セミナーでは、3カ国の宗教者らが「いのち」という共通の視点から意見を交換した
IPCR(韓国宗教平和国際事業団)主催の国際セミナーが7月4日から6日まで横浜普門館で開催され、金星坤(キムスンゴン)ACRP(アジア宗教者平和会議)事務総長をはじめ、日本、中国、韓国の宗教者、学者、市民団体代表者ら約40人が参加しました。日本から正式代表として眞田芳憲WCRP(世界宗教者平和会議)日本委員会平和研究所所長、山本俊正同特別会員(関西学院大学教授)らが参加。立正佼成会から庭野日鑛会長(同日本委会長)、川本貢市中央学術研究所所長らが出席しました。
IPCRは、WCRPの韓国国内委員会であるKCRP(韓国宗教人平和会議)の平和活動法人。同セミナーは、日中韓の宗教者らが東北アジアの諸課題を語り、平和共同体の樹立に向けて具体的な方策を探ることを目的に、2009年から毎年実施されています。今年、日本で初めて開催され、WCRP日本委員会が受け入れにあたりました。
今回は『東北アジア平和共同体構築のための課題と実践』をテーマに掲げ、公開講座やセッションが行われました。
5日の公開講座には同日本委の賛助会員ら約100人が参加。KCRPのキム・ヨンジュ共同会長(韓国キリスト教協議会総幹事)、CCRP(中国宗教者和平委員会)の黄信阳(ファンシンアン)副事務総長(中国道教協会副会長)、眞田氏がそれぞれ基調発題を行いました。
この中で、キム師は日本、中国、韓国は歴史的にも地理的にも関係が深く、別々に歩むことは難しいと主張。だからこそ宗教者は、三国間に存在する諸課題から目をそらさず、肯定的な態度で向き合うべきと話しました。その上で、人類の幸福に奉仕する共同体構築のため、平和と正義を呼びかけ続けることが必要と訴えました。

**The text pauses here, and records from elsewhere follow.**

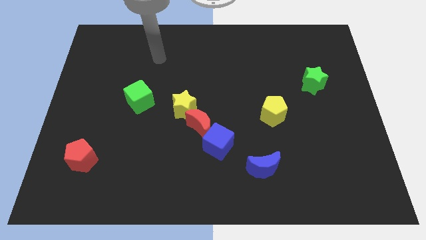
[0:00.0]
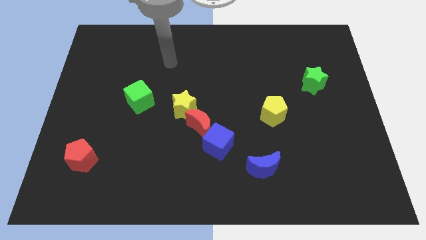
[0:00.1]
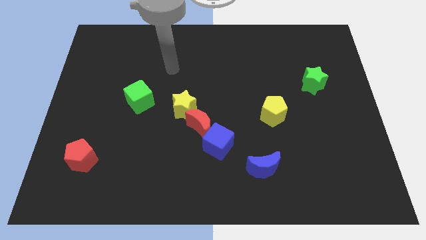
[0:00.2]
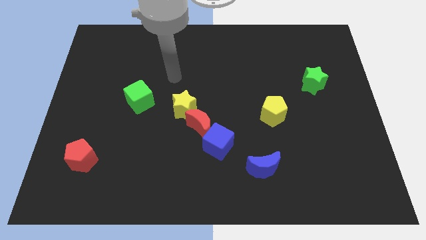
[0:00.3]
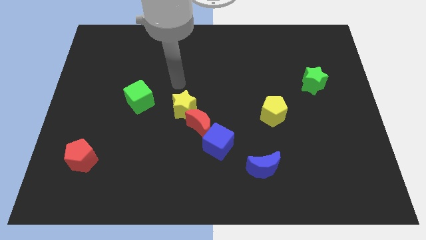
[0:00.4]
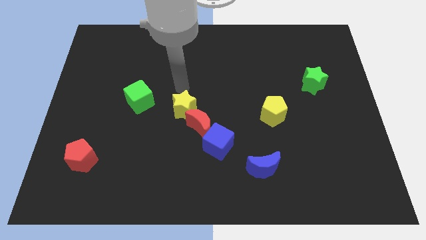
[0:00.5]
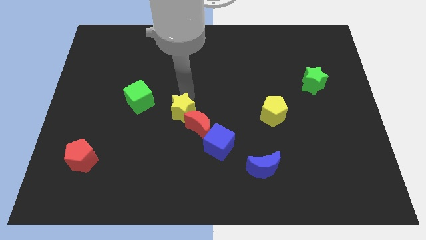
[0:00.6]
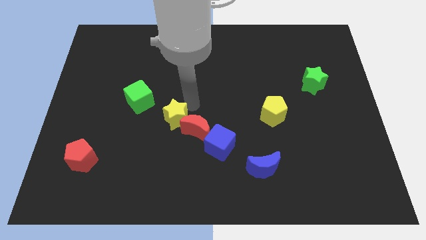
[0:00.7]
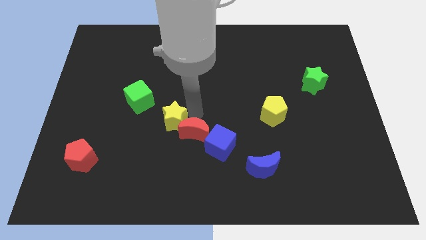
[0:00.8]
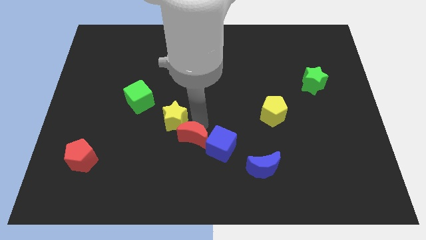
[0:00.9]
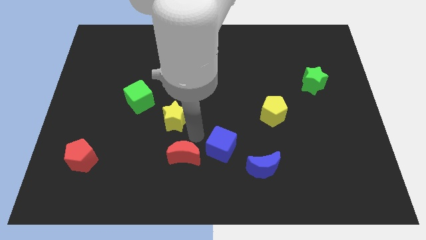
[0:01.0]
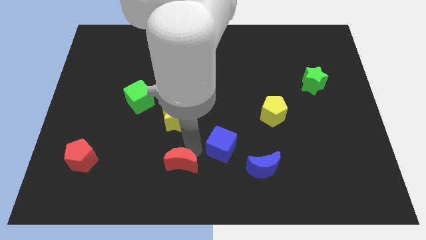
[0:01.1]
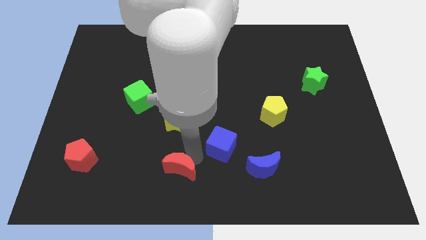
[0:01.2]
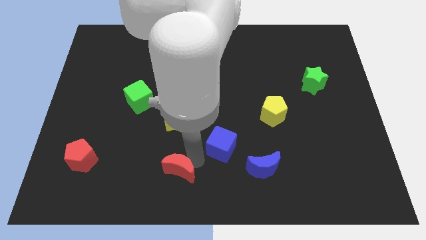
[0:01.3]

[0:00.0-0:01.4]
pull the blue cube apart from the red moon

黄師は、中国佛教協会の会長を務めた趙樸初師と庭野日敬開祖との交流を述懐。日中両国の友好に貢献し、深い友情によって結ばれた二人の平和精神をいま一度学ぶことの重要性を強調しました。
眞田氏は、自然環境やエネルギー問題は世界に共通する普遍的課題であると指摘。宗教者は個人の救済にとどまらず、市民社会、政府、国際機関など多様な分野の人々と語り合い、普遍的課題に取り組むことが必要との認識を示しました。

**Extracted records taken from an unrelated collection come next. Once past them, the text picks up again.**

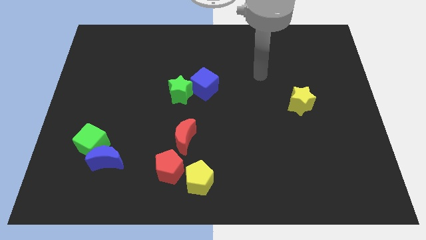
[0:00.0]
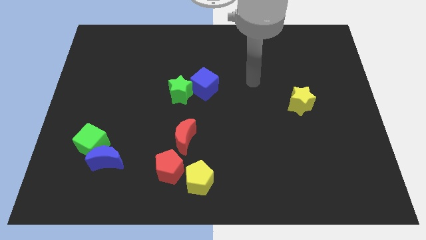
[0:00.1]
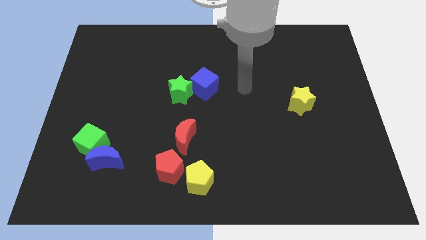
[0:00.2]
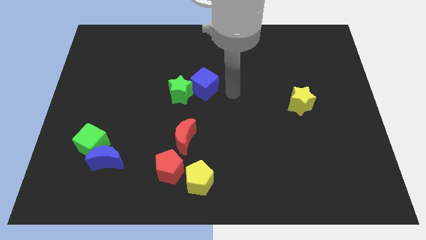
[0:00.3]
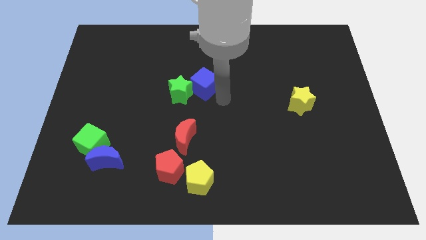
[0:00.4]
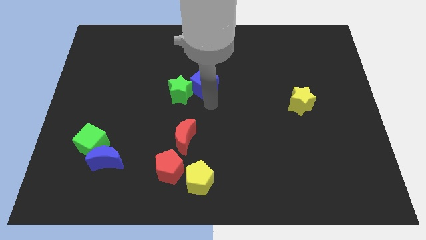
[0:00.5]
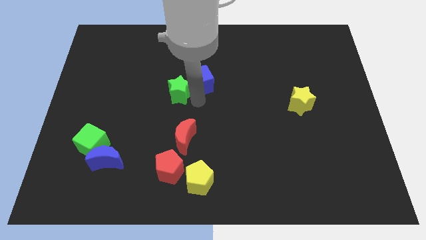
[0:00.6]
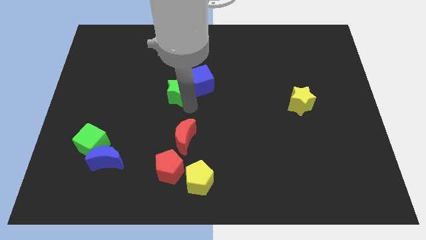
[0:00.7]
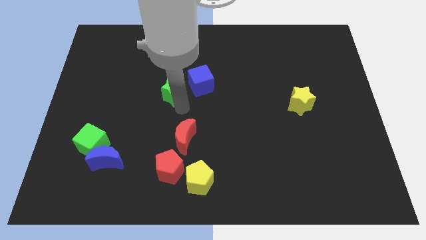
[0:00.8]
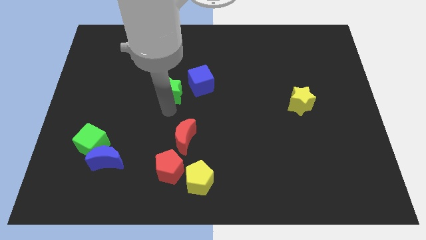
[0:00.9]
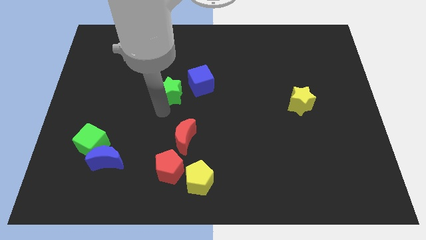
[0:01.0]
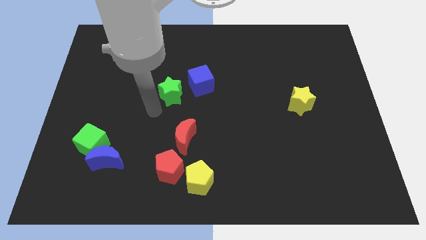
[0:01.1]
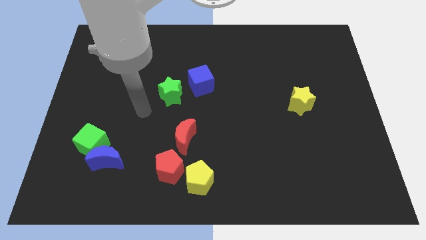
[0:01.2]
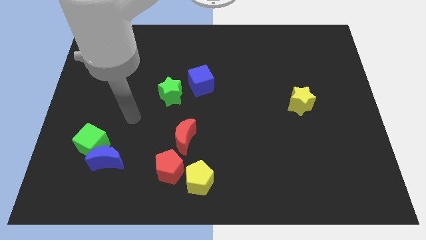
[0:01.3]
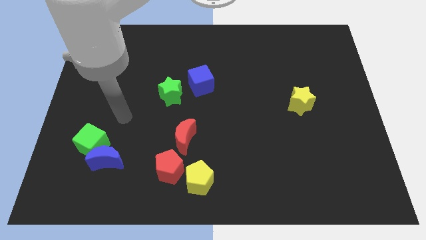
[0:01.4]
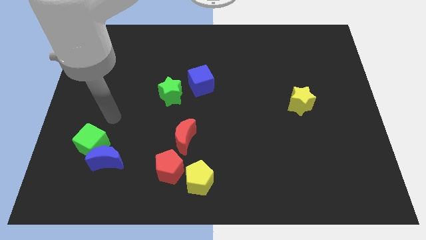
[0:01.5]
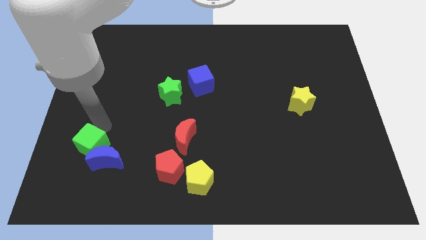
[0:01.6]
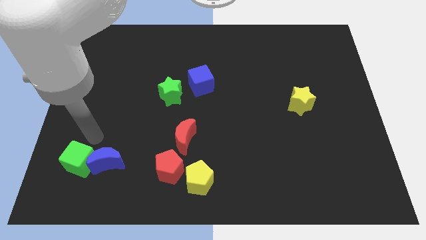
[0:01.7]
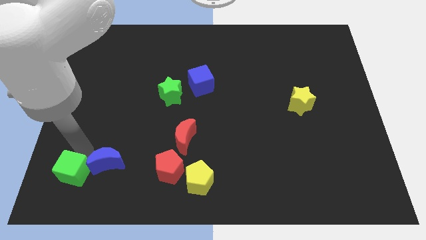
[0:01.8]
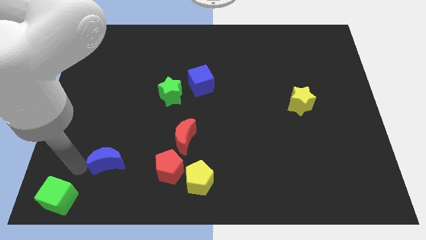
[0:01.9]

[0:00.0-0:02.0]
move the blue moon away from the green cube

公開講座に続いて、『いのちと自然環境』『いのちと国際協力』をテーマにそれぞれセッションが行われ、基調発題、3カ国代表からの発題に続き、討議が行われました。
この中で、人と自然は一つであるという中国の「天人合一」と同じ思想が日韓両国にも存在し、それが宗教的価値観とも通ずることが確認されました。また、日本の原発事故や憲法改正問題は東北アジア全体の関心事であり、すべてのいのちを守るために「倫理改革」を行うべきとの意見も出されました。さらに、祈りの集いや平和キャンペーン、平和教育といった具体的なアクションプランが示され、実施に向けた専門チームの設立が提案されました。